This repository contains the code that was used in support of the paper "Evaluating the Effectiveness of the Double-Hard Debias Technique Against Racial Bias in Word Embeddings".
It includes three notebooks for reproducing the study:
- Double-Hard Debias generation and embedding bias analysis - double-hard-debias.ipynb. This notebook executes both hard an double-hard debias methods and runs a variety of analysis for review and compare. This notebook also generates required files needed for RSA for review and comparison (see 2).
- Representation Similarity analysis - rsa.ipynb. This notebook requires that double-hard-debias.ipynb be executed prior to running the notebook for the first time to generate required w2v files.
- Utility Evaluation - semantic_eval.ipynb. This notebook executes downstream evaluation methods Concept Categorization and Analogy Analysis.

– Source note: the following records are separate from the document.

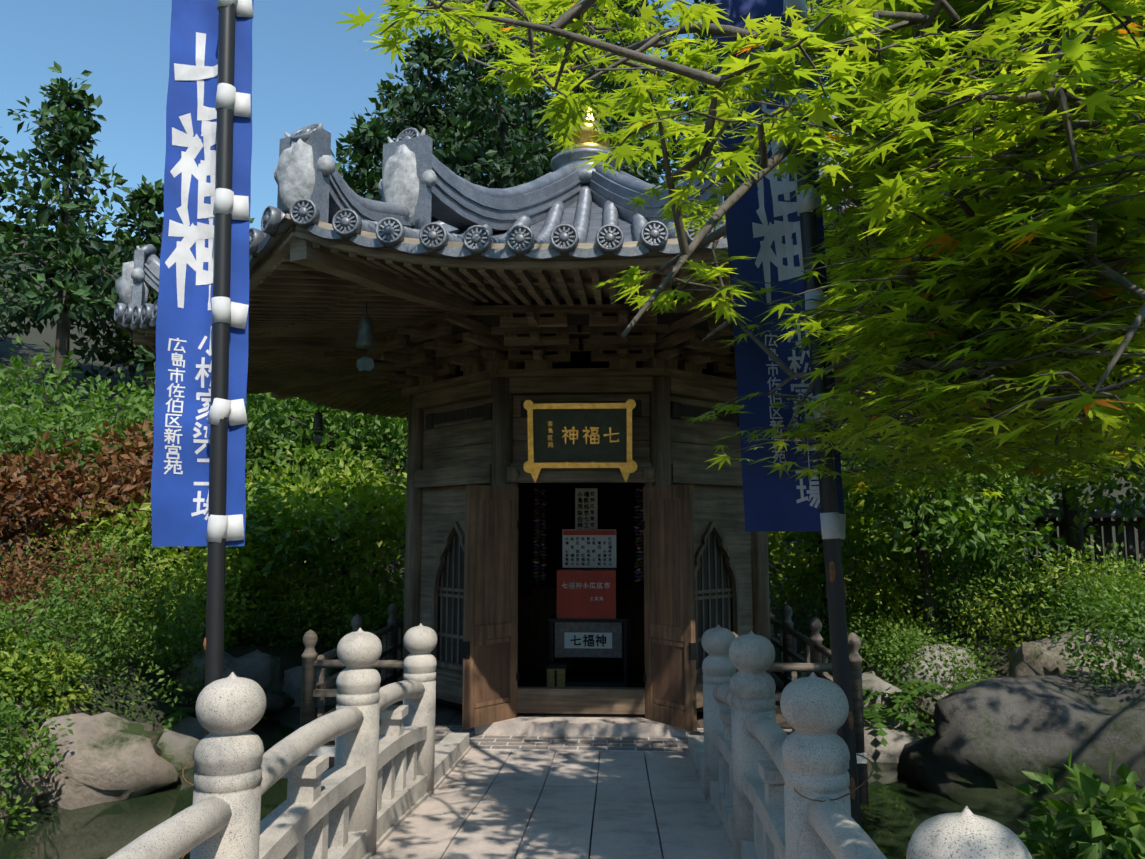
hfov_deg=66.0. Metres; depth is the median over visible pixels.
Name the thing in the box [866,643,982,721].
rock
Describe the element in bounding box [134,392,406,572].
shrub
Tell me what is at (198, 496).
nobori
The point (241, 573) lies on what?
shrub
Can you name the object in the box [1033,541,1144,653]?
shrub
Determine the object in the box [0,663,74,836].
shrub
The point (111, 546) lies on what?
shrub
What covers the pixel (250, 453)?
shrub
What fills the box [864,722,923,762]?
rock
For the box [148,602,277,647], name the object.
shrub
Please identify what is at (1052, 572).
shrub
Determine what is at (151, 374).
broadleaf tree
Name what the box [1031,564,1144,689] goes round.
shrub
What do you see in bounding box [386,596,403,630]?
shrub
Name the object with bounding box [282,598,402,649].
shrub
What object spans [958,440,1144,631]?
tree
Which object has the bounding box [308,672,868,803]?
stone base
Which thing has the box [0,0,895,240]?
sky
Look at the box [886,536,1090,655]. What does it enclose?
shrub
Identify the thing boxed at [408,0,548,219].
broadleaf tree
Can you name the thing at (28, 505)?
shrub
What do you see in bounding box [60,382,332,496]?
shrub
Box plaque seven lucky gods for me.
[507,399,654,482]
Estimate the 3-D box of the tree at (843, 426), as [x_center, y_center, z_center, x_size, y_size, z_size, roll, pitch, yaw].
[5.137,0.478,14.897,4.784,5.299,4.922,4,-8,-31]
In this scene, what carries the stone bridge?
on the garden ground
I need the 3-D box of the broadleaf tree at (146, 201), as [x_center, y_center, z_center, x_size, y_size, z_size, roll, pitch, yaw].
[-12.684,-4.230,26.244,5.483,7.020,4.672,0,-7,3]
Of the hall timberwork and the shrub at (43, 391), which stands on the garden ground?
the shrub at (43, 391)
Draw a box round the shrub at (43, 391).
[0,335,153,536]
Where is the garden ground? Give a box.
[0,221,1144,739]
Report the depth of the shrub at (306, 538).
12.49 m
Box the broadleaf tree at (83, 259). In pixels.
[0,61,156,411]
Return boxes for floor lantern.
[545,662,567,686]
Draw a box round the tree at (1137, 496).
[1004,332,1144,507]
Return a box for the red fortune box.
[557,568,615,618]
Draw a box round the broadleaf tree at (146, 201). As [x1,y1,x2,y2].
[43,174,163,398]
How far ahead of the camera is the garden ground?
13.53 m
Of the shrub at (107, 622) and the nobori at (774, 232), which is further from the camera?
the shrub at (107, 622)
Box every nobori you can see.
[151,0,262,858]
[712,0,873,827]
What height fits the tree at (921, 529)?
3.200 m
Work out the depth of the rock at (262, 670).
10.38 m
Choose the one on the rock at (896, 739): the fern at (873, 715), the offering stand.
the fern at (873, 715)
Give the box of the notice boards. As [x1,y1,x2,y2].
[562,488,615,567]
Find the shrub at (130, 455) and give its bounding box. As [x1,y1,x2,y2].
[0,419,264,586]
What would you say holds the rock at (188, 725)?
on the garden ground
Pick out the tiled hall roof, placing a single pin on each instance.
(565, 207)
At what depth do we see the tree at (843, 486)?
15.05 m
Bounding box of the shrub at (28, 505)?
[0,430,151,611]
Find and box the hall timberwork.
[129,203,964,730]
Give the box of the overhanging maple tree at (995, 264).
[331,0,1144,504]
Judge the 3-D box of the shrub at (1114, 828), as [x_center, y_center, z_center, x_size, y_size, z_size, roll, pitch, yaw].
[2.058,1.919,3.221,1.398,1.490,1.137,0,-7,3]
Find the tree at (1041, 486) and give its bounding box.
[839,404,1138,626]
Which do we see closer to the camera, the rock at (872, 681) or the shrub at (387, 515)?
the rock at (872, 681)
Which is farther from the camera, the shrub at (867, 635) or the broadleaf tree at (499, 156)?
the broadleaf tree at (499, 156)
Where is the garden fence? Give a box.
[887,499,1144,626]
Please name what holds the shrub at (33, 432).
on the garden ground
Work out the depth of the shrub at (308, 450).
14.17 m
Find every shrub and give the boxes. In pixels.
[0,335,153,536]
[0,388,149,547]
[0,419,264,586]
[0,430,151,611]
[0,510,206,651]
[0,530,168,654]
[0,593,90,721]
[0,630,95,722]
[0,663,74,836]
[11,557,239,726]
[28,489,296,612]
[53,547,259,663]
[60,382,332,496]
[71,615,205,674]
[117,456,383,610]
[133,554,305,619]
[134,392,406,572]
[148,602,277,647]
[153,554,351,633]
[227,444,406,612]
[232,562,403,646]
[246,392,407,604]
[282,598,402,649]
[303,574,403,636]
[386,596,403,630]
[769,549,948,646]
[804,600,930,678]
[843,546,1009,644]
[864,612,1003,723]
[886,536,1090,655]
[947,537,1144,658]
[1013,748,1144,858]
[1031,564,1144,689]
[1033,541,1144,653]
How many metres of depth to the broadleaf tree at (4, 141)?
26.13 m
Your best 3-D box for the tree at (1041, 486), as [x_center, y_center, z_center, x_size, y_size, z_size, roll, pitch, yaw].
[6.191,0.284,13.491,4.815,6.003,5.304,6,-9,-41]
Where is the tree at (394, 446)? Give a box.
[302,411,407,517]
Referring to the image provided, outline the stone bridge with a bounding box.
[107,623,1031,858]
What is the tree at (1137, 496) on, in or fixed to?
on the garden ground
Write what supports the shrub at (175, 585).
on the garden ground
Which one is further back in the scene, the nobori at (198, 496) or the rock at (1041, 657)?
the rock at (1041, 657)
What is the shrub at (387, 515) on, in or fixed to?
on the garden ground
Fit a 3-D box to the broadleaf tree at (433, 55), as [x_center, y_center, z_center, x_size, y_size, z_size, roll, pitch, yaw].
[-3.767,-5.697,24.695,6.704,12.869,6.734,0,-7,3]
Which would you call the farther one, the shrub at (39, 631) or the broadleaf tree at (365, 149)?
the broadleaf tree at (365, 149)
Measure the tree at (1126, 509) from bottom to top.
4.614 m
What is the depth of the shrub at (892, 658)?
10.24 m
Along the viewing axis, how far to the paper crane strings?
8.46 m
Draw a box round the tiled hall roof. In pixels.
[114,108,893,400]
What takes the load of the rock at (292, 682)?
on the garden ground
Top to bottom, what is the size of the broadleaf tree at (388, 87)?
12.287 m
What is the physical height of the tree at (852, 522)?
2.971 m
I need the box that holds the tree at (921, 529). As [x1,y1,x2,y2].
[783,438,1065,645]
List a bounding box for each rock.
[0,737,53,817]
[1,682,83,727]
[34,712,181,809]
[157,730,199,770]
[161,701,267,730]
[164,715,203,739]
[176,649,294,719]
[282,666,336,706]
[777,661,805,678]
[862,671,919,731]
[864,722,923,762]
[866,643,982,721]
[1008,628,1144,679]
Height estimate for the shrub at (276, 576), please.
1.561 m
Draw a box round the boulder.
[897,671,1144,815]
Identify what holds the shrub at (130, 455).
on the garden ground
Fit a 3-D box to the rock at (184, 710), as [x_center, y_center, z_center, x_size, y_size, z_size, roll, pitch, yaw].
[-3.953,3.089,9.635,1.236,0.219,1.530,0,-7,3]
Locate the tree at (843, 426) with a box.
[837,411,983,598]
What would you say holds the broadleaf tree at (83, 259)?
on the garden ground
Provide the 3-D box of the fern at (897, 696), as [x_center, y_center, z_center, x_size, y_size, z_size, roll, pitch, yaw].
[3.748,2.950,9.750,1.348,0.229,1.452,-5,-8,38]
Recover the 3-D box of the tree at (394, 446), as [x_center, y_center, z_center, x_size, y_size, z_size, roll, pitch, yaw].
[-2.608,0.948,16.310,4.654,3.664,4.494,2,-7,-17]
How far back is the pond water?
6.86 m
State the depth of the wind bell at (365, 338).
6.04 m
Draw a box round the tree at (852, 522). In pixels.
[768,481,914,647]
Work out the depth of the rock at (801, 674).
10.76 m
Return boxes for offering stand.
[548,614,628,686]
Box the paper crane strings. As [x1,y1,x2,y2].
[532,483,643,581]
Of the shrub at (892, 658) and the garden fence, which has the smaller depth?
the shrub at (892, 658)
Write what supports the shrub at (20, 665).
on the garden ground
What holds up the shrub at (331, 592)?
on the garden ground
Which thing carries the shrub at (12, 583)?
on the garden ground
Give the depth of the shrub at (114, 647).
9.71 m
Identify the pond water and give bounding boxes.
[0,705,1071,858]
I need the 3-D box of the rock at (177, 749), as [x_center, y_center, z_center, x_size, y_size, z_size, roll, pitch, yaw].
[-3.988,3.108,8.348,0.973,0.486,0.721,0,-7,3]
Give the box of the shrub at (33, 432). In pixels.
[0,388,149,547]
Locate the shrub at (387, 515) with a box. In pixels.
[227,444,406,612]
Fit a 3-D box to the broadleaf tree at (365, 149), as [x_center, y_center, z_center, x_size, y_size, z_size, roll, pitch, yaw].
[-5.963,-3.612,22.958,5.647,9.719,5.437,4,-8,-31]
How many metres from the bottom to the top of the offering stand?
0.814 m
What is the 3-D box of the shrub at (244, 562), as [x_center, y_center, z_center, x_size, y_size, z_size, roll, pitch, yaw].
[-5.618,1.951,12.629,3.361,2.402,3.474,0,-7,3]
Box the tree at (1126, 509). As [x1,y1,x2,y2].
[1027,337,1144,530]
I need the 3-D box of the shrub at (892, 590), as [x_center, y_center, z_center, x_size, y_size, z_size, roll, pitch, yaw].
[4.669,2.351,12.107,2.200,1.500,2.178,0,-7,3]
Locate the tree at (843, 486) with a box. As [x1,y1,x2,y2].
[792,414,890,578]
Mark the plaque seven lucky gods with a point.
(579, 442)
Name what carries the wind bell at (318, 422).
attached to the hall timberwork
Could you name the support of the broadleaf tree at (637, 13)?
on the garden ground
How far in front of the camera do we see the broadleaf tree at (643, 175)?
24.84 m
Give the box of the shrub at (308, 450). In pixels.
[246,392,407,604]
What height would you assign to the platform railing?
0.880 m
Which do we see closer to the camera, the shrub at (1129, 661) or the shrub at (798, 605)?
the shrub at (1129, 661)
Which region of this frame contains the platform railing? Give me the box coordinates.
[300,598,864,752]
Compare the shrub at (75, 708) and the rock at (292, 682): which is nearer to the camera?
the shrub at (75, 708)
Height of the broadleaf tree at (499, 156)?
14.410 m
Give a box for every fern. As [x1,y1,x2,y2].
[862,679,951,716]
[863,703,933,746]
[878,680,982,708]
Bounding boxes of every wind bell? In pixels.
[312,403,323,443]
[356,301,374,371]
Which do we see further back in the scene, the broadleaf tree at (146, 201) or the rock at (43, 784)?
the broadleaf tree at (146, 201)
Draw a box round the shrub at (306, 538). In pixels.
[117,456,383,610]
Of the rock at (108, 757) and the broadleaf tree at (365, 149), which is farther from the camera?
the broadleaf tree at (365, 149)
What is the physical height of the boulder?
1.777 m
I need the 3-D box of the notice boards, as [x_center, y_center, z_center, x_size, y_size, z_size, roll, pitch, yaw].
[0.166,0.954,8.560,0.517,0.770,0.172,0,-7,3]
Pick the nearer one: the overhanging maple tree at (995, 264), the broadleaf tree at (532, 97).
the overhanging maple tree at (995, 264)
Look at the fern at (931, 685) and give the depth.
9.26 m
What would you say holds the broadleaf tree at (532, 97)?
on the garden ground
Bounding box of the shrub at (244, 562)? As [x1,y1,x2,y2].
[28,489,296,612]

- This project was created and tested with python 3.9. The following libraries are required (and referenced in requirements.txt):
gensim==4.1.2
matplotlib==3.4.3
numpy==1.21.3
pandas==1.3.4
scikit_learn==1.0.1
scipy==1.7.1
six==1.16.0
statsmodels==0.13.1
openpyxl==3.0.9
seaborn==0.11.2
Jupyter server is also required for execution of notebooks
-
This project also requires that two files be downloaded, saved per instructions and placed within the data folder before executing any notebook:
- Pre-trained Word2Vec pt. 0 (w2v_0) embeddings from T. Manzini et al study. File should be saved to data folder as data_vocab_race_pre_trained.w2v. download file
- Pre-processed Hard Debiased embeddings from T. Manzini et al study. File should be saved to data folder as data_vocab_race_hard_debias.w2v. download file
-
Proceed with running research notebooks.
This code is an adaptation of published code from the following research papers:
Black is to Criminal as Caucasian is to Police: Detecting and Removing Multiclass Bias in Word Embeddings (project code)
Double-Hard Debias: Tailoring Word Embeddings for Gender Bias Mitigation (project code)
Unequal Representations: Analyzing Intersectional Biases in Word Embeddings Using Representational Similarity Analysis (project code)
We appreciate the efforts of each of these projects that helped to support our research.